The decorators call the framework's cache-clear API (torch.cuda.empty_cache(), cp.get_default_memory_pool().free_all_blocks()) in a finally block so pooled device memory is returned to the driver on both normal return and exceptions. Apply decorators to inner kernel functions (e.g. rmsd_torch, distances_cupy), never the outer CPU-side compute_* wrappers. The decorators use PEP 695 generic syntax ([**P, T]) so mypy preserves the Protocol signature at registry call sites.

JAX kernels are deliberately not decorated. jax.clear_caches() clears JIT compilation caches, not device memory -- trashing the compilation cache after every call forces a multi-second recompile on the next invocation. JAX has no public API for returning pooled device memory to the driver anyway (XLA manages it directly).

Adding a New Compute Backend

For existing multi-backend functions (e.g. compute_rmsd_matrix, pairwise distances):

  1. Add the implementation in the matching src/mdpp/analysis/_backends/_<kind>.py file, matching the Protocol type defined at the top of that file exactly.
  2. Use require_torch() / require_jax() / require_cupy() from _backends/_imports.py for optional GPU libraries -- never import them at module top-level.
  3. Decorate torch/cupy GPU kernels with @clean_torch_cache / @clean_cupy_cache from _backends/_imports.py so pooled memory is released in a finally block after the kernel runs.

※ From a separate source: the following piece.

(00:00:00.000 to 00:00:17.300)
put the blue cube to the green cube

Do not apply any cleanup decorator to JAX kernels -- jax.clear_caches() trashes JIT compilation caches and forces slow recompiles.
  4. If you introduce a new keyword argument, also retrofit every existing backend in the same registry to accept it (silently ignoring when unused, marked # noqa: ARG001).
  5. Register in the module's BackendRegistry at the bottom of the file.
  6. Add the backend name to the corresponding Literal alias (DistanceBackend / RMSDBackend / DCCMBackend) in _backends/_registry.py.
  7. Add agreement tests in tests/analysis/test_<kind>.py guarded by the relevant requires_* skip marker and @pytest.mark.gpu (if GPU-only).
  8. Do not change the public function's default backend -- keep compute_distances / compute_rmsd_matrix / featurize_ca_distances defaulting to "mdtraj" and compute_dccm defaulting to "numpy".

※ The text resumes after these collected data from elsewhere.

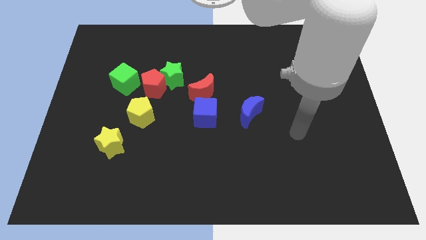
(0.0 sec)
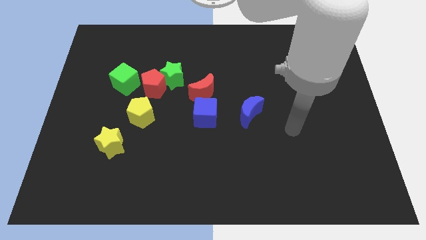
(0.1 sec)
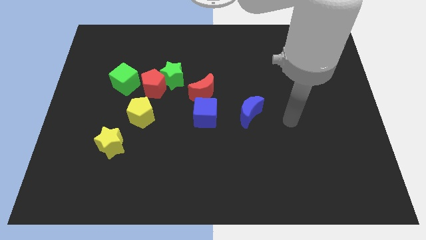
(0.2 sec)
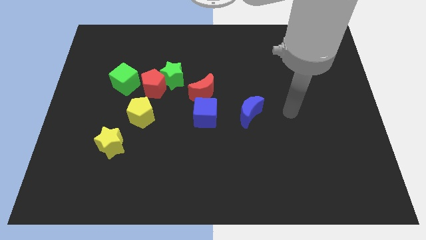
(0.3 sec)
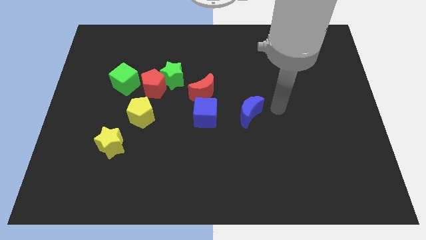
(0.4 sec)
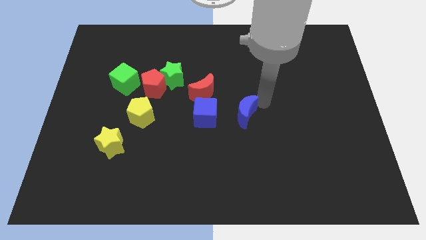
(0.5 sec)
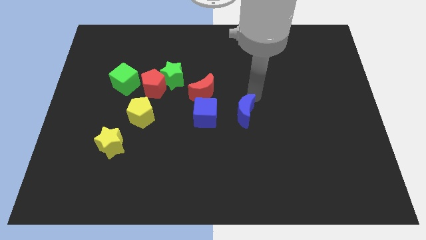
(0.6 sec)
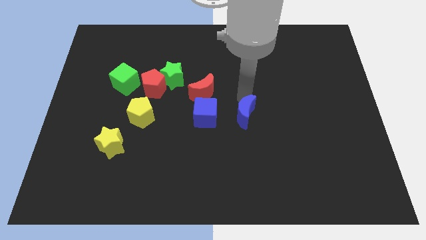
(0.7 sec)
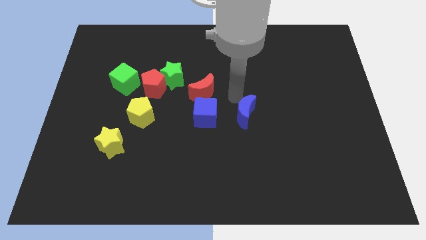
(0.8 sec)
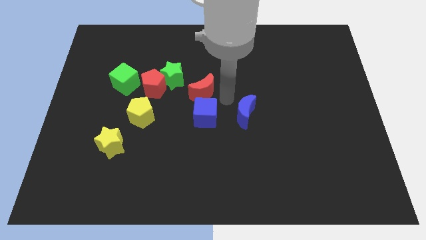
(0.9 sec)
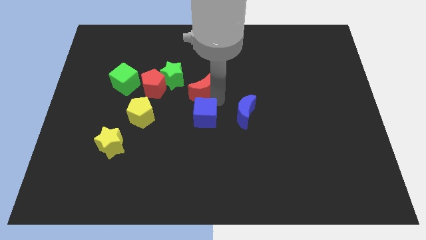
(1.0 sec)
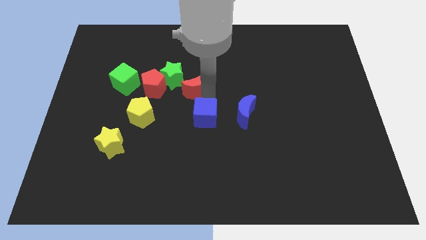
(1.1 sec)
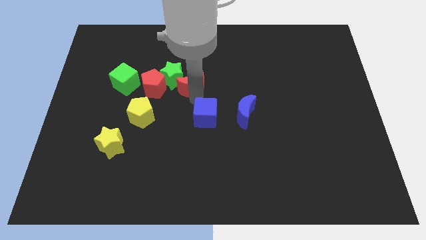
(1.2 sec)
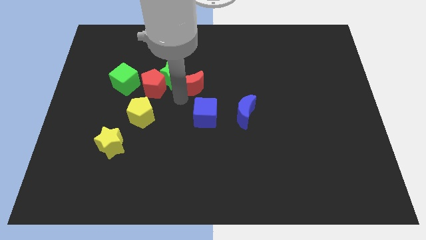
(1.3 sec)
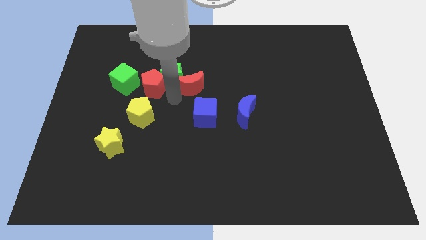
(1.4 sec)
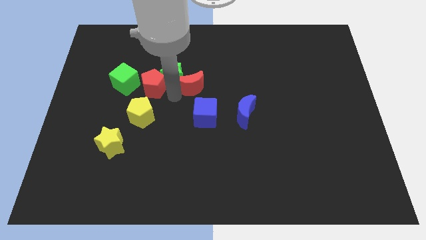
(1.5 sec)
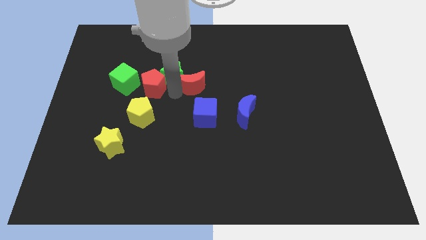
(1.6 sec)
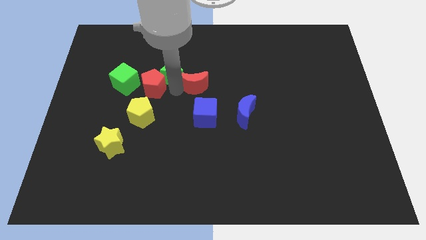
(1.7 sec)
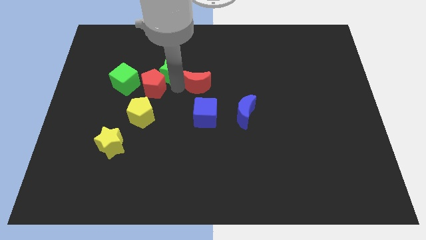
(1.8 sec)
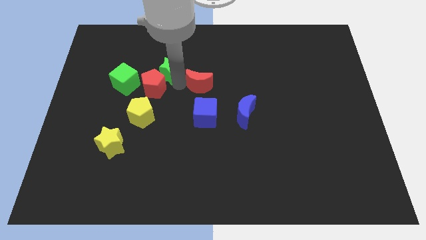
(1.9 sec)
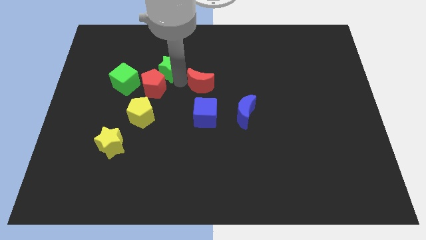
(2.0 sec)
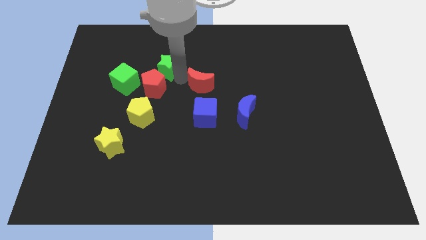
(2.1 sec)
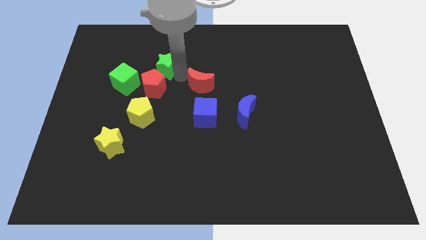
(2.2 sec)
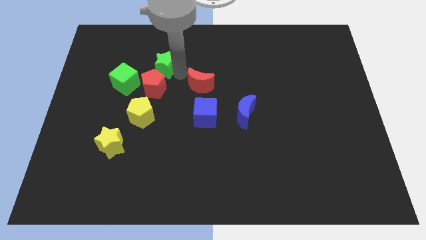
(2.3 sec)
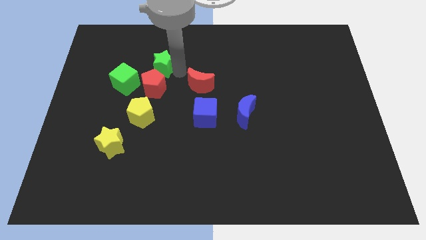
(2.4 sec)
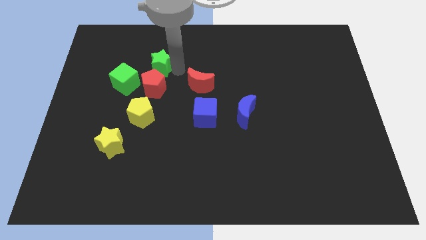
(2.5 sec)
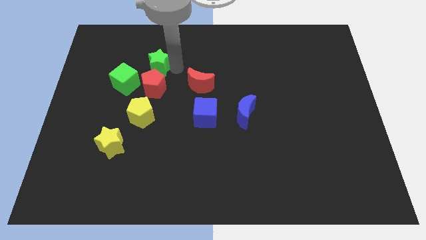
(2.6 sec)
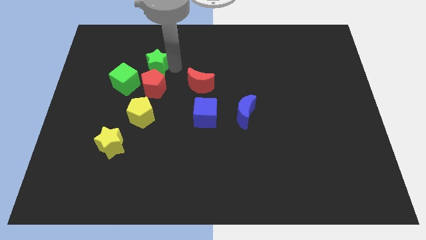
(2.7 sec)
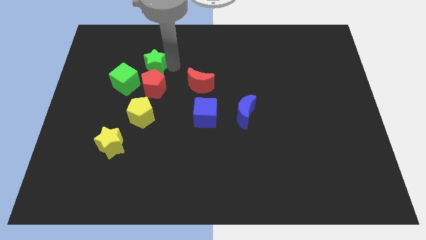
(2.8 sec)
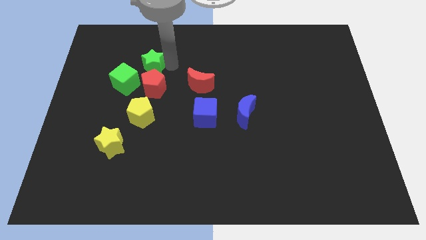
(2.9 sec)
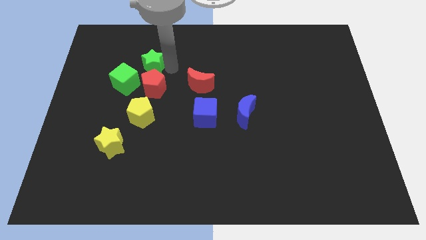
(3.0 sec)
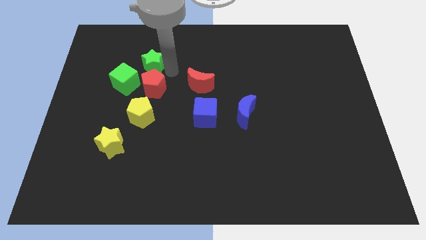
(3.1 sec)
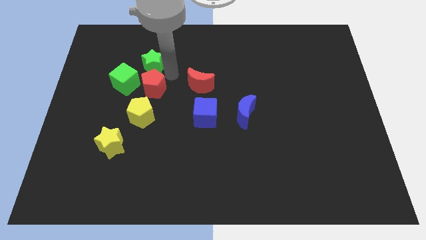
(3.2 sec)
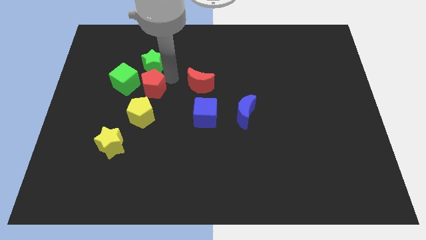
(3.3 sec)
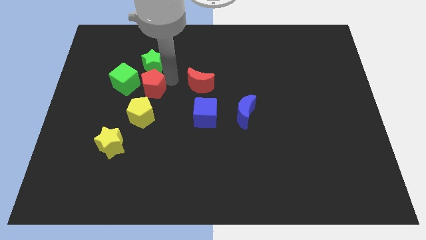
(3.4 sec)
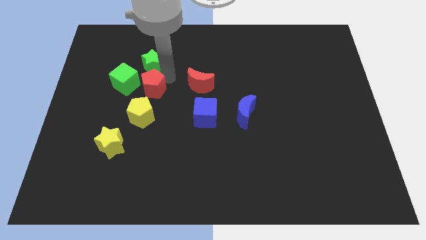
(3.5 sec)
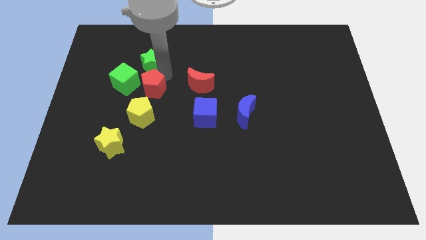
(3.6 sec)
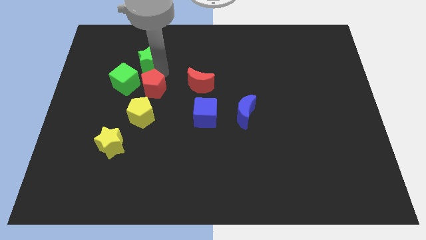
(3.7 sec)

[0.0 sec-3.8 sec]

Adding a New Backend Registry

To introduce a registry for a new multi-backend compute function:

  1. Create src/mdpp/analysis/_backends/_<kind>.py with a Protocol class defining the shared call signature.
  2. Declare the registry as <kind>_backends: BackendRegistry[<Kind>BackendFn] = BackendRegistry(default="mdtraj") (or another sensible no-optional-dep default if mdtraj has no kernel for that computation -- e.g. _dccm.py uses default="numpy"). Always parameterise with the Protocol so callers get typed compute_fn from registry.get().
  3. Add a Literal alias to _backends/_registry.py (type <Kind>Backend = Literal["mdtraj", "numba", ...]) and re-export it from _backends/__init__.py.
  4. The public wrapper in src/mdpp/analysis/<kind>.py imports the registry and delegates via compute_fn = <kind>_backends.get(backend), letting mypy infer the Protocol type at the call site.

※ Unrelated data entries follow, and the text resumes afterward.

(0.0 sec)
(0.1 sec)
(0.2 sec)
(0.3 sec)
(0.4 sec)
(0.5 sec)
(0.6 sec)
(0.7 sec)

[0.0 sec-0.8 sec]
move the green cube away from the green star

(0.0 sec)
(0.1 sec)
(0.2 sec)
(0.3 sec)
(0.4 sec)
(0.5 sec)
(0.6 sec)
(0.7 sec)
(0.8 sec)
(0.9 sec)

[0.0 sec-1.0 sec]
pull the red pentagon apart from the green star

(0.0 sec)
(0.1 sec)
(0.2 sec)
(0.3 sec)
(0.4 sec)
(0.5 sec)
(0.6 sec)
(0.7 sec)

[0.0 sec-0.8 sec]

Adding a New Chem Function

  1. Create/extend a file in src/mdpp/chem/.
  2. Functions take Chem.rdchem.Mol or SMILES strings as input.
  3. Add exports to src/mdpp/chem/__init__.py.
  4. Write tests in tests/chem/.

Important: Do Not

  • Do not remove dependencies from pyproject.toml [project.dependencies].
  • Do not use relative imports.
  • Do not put test __init__.py files in test directories.
  • Do not modify files in results/ (untracked temporary directory).
  • Do not write custom parsers when a library exists (use panedr, MDAnalysis, etc.).